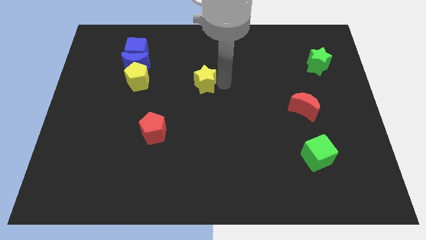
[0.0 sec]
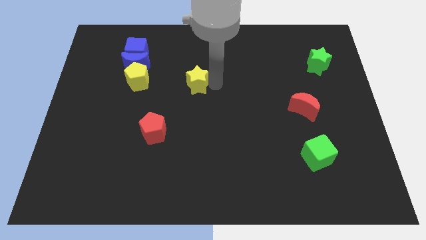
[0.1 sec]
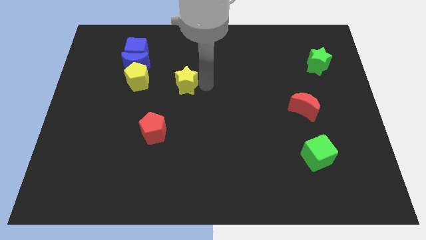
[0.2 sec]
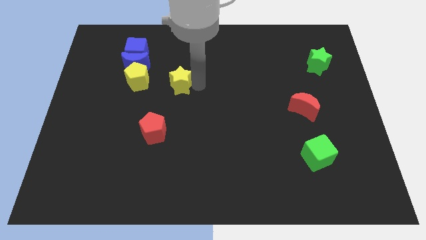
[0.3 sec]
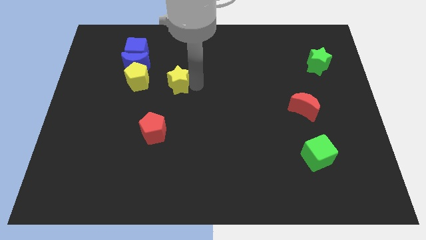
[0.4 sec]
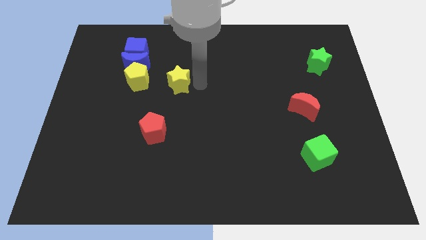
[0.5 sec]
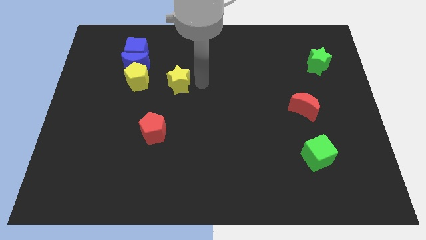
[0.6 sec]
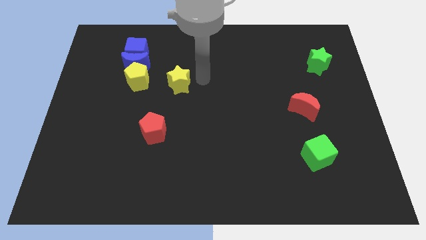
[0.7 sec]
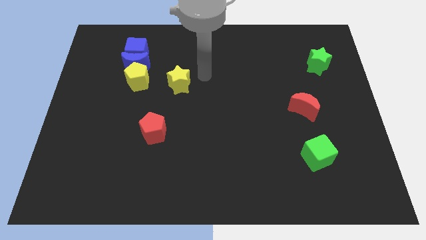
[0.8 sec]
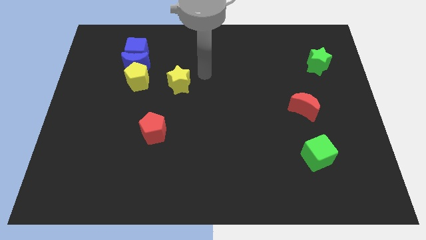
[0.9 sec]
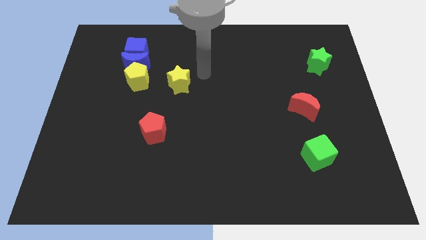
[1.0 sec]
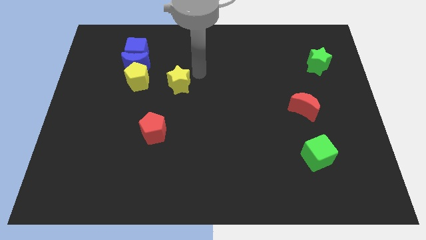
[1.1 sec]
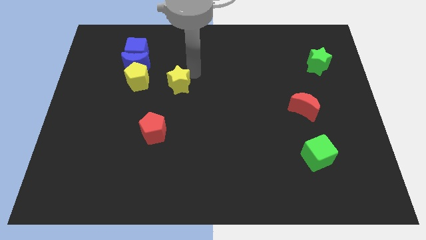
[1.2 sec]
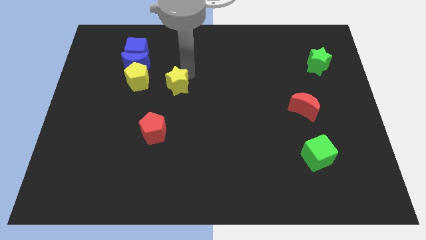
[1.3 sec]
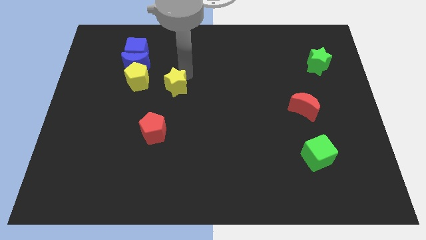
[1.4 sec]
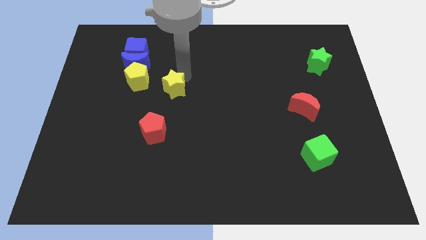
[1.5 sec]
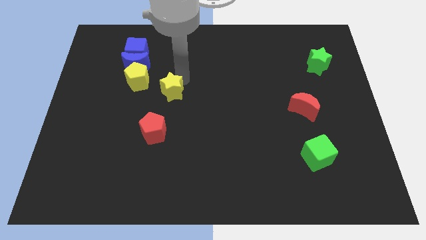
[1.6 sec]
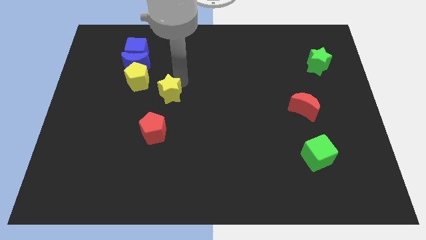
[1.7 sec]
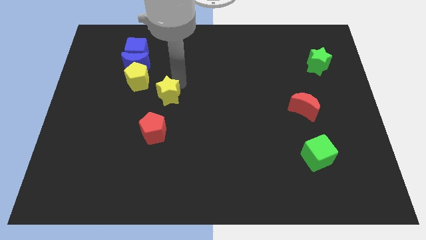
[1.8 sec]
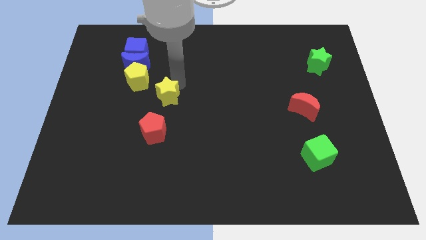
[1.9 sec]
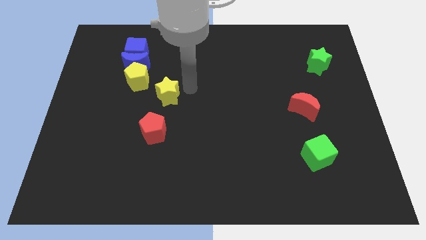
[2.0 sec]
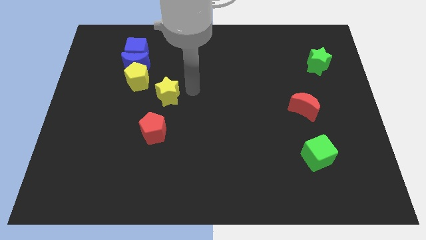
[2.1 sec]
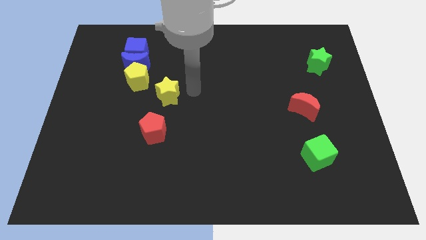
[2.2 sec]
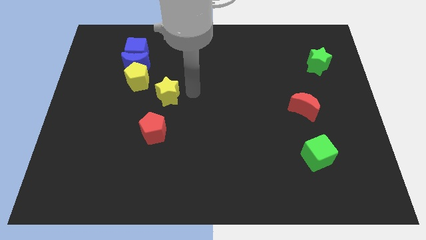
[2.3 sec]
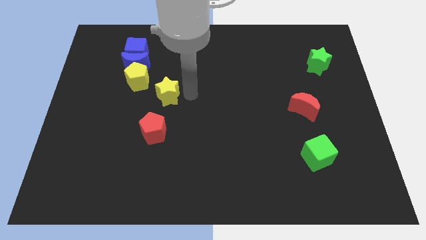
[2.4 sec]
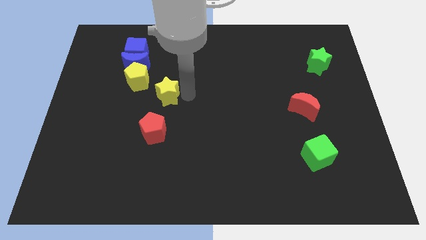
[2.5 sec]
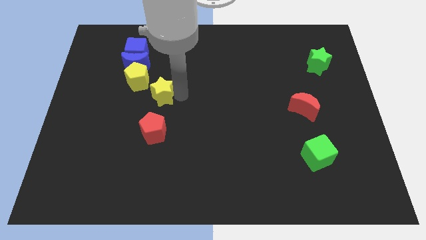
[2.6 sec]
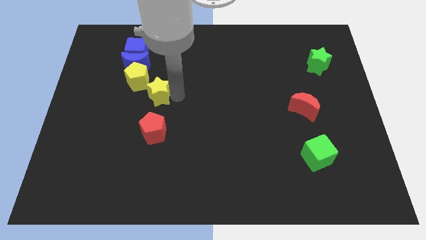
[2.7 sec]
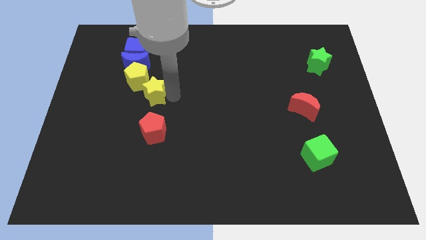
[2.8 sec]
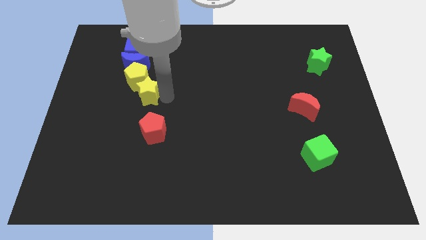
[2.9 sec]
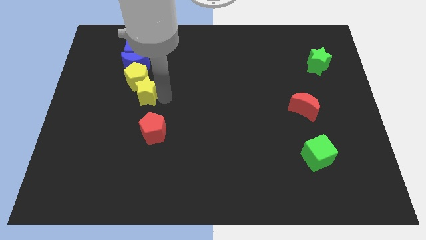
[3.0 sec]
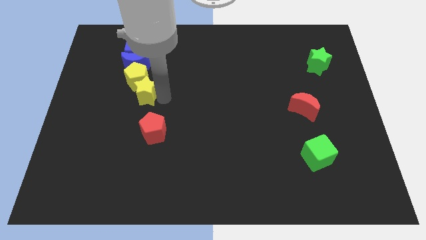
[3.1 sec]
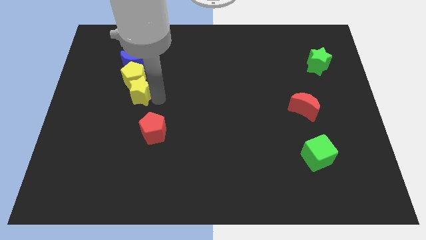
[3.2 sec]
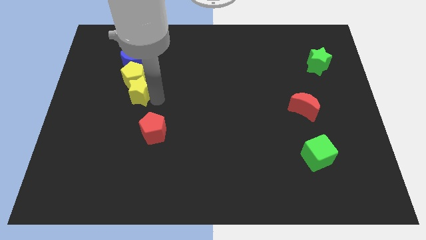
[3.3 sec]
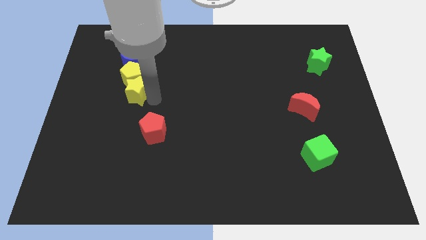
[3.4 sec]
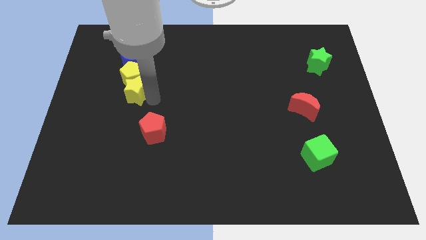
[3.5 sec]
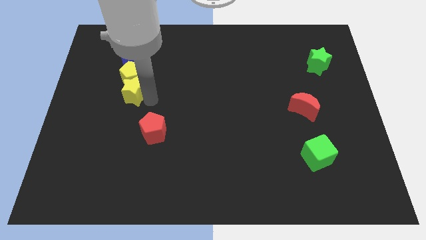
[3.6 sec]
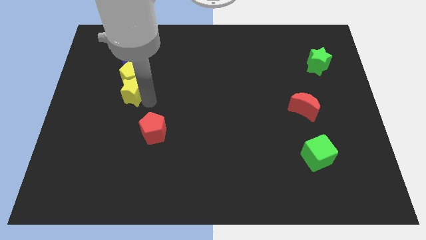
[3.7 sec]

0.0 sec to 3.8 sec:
push the yellow star below the yellow pentagon

- _AIM OF THE TASK_
The finished answer is an exact repetition of the listing, with every picture removed.

- _ANSWER BOX_
[0.0 sec]
[0.1 sec]
[0.2 sec]
[0.3 sec]
[0.4 sec]
[0.5 sec]
[0.6 sec]
[0.7 sec]
[0.8 sec]
[0.9 sec]
[1.0 sec]
[1.1 sec]
[1.2 sec]
[1.3 sec]
[1.4 sec]
[1.5 sec]
[1.6 sec]
[1.7 sec]
[1.8 sec]
[1.9 sec]
[2.0 sec]
[2.1 sec]
[2.2 sec]
[2.3 sec]
[2.4 sec]
[2.5 sec]
[2.6 sec]
[2.7 sec]
[2.8 sec]
[2.9 sec]
[3.0 sec]
[3.1 sec]
[3.2 sec]
[3.3 sec]
[3.4 sec]
[3.5 sec]
[3.6 sec]
[3.7 sec]

0.0 sec to 3.8 sec:
push the yellow star below the yellow pentagon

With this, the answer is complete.